Nanoscale zero-valent iron mitigates arsenic mobilization and accumulation in Sinapis alba grown on a metal(loid)-polluted soil treated with a dunite mining waste-compost amendment

Abstract

Abstract Background and aim The use of amendments to immobilize metals in polluted soils is a widely accepted remediation approach, and in the framework of the circular economy, amendments produced from mining and/or biomass waste have gained relevance. However, the application of such amendments can also mobilize metalloids. Here we propose the combination of nanoscale zero-valent iron nanoparticles (nZVI) with dunite (mining waste) and compost for the remediation and restoration of soil affected by high concentrations of As and metals. Methods To this end, we treated pots containing the polluted soil with combinations of dunite, compost, and nZVI for 75 days.

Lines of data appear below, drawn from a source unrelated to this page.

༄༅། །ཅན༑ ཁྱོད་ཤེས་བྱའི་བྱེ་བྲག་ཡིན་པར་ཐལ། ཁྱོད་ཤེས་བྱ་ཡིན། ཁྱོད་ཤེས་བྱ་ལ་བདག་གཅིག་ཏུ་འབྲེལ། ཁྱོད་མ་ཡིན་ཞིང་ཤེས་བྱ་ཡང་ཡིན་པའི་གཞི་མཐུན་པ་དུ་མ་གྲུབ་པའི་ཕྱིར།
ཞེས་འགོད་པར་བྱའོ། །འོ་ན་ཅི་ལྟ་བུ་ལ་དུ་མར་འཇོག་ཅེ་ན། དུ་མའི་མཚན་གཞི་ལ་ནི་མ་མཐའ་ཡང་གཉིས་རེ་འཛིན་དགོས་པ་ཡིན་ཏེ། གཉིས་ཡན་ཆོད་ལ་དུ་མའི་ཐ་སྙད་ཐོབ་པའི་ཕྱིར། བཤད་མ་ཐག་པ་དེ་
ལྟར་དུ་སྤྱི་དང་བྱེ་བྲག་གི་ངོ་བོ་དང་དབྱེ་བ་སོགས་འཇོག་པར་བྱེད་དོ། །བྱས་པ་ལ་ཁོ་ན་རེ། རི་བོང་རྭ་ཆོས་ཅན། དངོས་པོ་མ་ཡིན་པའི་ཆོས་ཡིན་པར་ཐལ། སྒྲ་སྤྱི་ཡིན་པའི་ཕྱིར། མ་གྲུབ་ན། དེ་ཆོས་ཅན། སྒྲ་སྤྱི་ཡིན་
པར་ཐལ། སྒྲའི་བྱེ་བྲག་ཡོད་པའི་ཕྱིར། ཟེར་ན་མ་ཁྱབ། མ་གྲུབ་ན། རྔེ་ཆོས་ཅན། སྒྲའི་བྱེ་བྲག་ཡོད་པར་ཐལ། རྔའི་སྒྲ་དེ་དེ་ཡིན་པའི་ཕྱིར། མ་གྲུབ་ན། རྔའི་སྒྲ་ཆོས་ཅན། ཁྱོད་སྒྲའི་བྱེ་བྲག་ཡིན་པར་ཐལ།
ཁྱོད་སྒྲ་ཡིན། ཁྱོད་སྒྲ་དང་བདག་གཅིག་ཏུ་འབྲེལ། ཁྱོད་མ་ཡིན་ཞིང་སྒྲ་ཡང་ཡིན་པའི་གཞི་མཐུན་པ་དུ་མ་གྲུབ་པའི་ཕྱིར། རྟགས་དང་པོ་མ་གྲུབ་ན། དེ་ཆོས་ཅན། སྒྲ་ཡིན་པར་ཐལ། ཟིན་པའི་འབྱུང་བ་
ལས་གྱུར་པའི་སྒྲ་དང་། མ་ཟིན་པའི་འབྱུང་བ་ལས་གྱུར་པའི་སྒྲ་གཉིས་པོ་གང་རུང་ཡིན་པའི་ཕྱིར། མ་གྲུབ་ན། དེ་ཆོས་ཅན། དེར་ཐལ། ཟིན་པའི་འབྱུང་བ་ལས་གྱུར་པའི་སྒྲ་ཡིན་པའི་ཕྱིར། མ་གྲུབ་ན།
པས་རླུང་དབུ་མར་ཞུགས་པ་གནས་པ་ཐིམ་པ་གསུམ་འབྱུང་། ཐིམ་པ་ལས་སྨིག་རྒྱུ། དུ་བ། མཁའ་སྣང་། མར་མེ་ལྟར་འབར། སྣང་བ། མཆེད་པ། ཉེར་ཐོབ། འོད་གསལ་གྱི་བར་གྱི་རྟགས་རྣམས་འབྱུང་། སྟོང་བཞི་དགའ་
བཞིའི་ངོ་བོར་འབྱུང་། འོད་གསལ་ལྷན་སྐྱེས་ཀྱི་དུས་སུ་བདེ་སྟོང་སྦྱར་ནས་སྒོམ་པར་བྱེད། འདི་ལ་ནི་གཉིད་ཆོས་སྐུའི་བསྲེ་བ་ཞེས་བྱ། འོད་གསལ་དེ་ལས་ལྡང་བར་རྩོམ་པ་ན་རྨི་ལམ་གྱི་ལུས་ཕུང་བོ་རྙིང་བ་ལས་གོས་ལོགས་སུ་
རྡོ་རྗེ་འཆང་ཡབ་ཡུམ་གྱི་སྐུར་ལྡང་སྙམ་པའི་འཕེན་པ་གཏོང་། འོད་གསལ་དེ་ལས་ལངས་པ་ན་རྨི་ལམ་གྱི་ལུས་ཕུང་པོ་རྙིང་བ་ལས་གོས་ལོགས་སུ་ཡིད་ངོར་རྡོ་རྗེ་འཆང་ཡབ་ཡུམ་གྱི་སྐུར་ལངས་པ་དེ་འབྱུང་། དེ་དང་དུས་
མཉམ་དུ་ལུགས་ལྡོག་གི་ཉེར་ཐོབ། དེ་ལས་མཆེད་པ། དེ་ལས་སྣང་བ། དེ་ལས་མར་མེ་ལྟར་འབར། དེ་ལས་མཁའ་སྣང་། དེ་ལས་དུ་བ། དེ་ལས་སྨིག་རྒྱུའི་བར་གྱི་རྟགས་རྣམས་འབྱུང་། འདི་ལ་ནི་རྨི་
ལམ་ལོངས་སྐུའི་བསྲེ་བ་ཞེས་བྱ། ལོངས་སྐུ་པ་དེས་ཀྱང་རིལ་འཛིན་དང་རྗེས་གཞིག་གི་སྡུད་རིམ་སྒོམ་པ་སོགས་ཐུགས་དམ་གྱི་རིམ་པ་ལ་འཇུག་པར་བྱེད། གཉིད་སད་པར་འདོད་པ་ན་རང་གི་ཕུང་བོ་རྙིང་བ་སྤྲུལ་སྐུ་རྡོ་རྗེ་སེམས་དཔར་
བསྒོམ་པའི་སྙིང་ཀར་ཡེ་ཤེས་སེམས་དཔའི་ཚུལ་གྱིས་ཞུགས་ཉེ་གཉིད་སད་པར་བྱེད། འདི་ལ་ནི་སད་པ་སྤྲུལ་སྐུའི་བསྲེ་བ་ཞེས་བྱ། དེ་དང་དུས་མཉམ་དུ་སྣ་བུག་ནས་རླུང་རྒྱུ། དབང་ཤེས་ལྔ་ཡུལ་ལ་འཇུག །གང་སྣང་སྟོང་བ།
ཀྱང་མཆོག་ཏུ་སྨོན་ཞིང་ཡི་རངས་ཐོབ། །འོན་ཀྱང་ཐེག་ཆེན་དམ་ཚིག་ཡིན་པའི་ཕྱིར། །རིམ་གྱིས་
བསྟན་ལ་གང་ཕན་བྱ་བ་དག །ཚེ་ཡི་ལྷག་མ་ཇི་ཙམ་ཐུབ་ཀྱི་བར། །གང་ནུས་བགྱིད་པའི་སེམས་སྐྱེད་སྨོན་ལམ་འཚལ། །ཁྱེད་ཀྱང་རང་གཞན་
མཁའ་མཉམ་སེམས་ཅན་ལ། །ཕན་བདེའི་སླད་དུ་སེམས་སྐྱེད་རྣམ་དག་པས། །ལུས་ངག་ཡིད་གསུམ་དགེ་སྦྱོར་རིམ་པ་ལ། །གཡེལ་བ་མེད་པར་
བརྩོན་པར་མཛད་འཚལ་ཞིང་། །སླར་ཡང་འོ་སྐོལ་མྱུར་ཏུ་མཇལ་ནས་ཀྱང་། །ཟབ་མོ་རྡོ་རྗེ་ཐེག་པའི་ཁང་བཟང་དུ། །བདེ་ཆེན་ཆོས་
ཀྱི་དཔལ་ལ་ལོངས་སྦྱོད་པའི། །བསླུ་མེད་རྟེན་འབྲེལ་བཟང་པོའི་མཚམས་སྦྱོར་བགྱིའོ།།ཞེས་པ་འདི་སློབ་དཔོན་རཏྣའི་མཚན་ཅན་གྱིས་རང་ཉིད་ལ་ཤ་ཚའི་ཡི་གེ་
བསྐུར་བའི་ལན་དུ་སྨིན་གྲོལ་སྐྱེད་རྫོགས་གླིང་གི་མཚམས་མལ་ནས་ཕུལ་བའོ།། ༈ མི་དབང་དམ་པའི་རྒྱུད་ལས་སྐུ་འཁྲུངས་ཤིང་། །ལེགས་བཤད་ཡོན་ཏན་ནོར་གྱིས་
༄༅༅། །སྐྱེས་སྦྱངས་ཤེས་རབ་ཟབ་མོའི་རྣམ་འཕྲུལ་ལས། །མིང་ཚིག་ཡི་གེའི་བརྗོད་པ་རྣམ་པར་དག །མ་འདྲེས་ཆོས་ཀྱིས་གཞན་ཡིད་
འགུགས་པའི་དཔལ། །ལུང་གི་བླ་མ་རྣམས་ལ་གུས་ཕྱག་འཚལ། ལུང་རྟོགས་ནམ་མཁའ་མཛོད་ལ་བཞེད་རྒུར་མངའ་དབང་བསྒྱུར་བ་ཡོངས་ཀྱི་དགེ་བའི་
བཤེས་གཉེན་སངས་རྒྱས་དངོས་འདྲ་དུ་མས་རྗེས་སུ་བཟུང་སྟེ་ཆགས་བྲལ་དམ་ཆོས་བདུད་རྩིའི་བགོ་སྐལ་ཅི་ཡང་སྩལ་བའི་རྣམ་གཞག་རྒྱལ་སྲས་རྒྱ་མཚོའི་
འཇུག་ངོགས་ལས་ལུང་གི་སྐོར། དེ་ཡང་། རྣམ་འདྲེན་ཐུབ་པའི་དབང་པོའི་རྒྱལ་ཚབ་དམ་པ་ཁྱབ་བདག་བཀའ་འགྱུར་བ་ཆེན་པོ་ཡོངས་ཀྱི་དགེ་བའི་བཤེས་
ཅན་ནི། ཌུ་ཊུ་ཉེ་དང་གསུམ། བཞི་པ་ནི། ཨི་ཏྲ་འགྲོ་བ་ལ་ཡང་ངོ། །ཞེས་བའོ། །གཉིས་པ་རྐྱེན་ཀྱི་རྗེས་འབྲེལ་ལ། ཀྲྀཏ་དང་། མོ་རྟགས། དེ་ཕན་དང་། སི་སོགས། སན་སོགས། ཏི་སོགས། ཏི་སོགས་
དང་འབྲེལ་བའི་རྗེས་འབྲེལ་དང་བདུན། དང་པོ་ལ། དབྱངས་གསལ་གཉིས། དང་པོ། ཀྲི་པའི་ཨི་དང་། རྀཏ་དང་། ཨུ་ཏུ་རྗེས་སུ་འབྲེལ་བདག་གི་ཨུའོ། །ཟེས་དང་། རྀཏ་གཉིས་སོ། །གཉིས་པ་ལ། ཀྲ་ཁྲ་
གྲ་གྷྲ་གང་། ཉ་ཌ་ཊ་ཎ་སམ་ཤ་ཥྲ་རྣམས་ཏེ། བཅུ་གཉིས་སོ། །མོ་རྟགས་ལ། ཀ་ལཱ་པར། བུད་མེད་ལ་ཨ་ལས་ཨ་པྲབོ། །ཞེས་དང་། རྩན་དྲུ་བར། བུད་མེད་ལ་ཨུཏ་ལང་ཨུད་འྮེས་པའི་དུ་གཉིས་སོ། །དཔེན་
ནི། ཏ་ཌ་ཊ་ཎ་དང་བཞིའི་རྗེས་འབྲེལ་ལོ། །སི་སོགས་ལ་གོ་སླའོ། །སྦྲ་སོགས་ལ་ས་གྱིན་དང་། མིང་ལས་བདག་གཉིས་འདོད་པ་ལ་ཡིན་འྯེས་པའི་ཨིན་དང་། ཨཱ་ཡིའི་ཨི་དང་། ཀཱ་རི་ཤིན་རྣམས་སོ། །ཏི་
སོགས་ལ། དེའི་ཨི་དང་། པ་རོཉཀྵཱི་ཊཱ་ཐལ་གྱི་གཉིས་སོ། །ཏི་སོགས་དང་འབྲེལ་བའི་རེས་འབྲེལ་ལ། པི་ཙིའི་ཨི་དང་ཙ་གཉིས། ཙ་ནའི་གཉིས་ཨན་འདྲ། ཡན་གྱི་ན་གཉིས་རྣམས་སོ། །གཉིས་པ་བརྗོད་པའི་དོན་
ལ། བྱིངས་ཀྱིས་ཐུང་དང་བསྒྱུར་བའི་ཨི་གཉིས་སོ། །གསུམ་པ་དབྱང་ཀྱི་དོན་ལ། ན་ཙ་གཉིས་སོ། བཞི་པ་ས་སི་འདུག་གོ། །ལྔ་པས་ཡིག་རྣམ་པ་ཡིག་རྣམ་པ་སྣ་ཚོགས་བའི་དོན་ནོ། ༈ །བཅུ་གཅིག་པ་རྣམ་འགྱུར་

In addition, Sinapis alba was used to evaluate the effects of the amendments on pollutant accumulation in the plant. The mobility of the pollutants was monitored through TCLP extraction and by sampling pore water. Furthermore, pH, available P, and cation exchange capacity (CEC) were also determined. Results Dunite application led to the immobilization of metals, and supplied Mg, thus improving CEC. On the other hand, compost increased nutrient content, and also promoted plant growth. However, this amendment caused a dramatic increase in As accumulation in the plants. Finally, the application of nZVI in combination with the other two amendments was found to be the most appropriate strategy since it not only prevented As mobilization and accumulation but also added nutrients to the soil, thus promoting plant growth. Conclusion The combination of nZVI with dunite mining waste and compost proved effective for the remediation of soil simultaneously polluted by As and metals.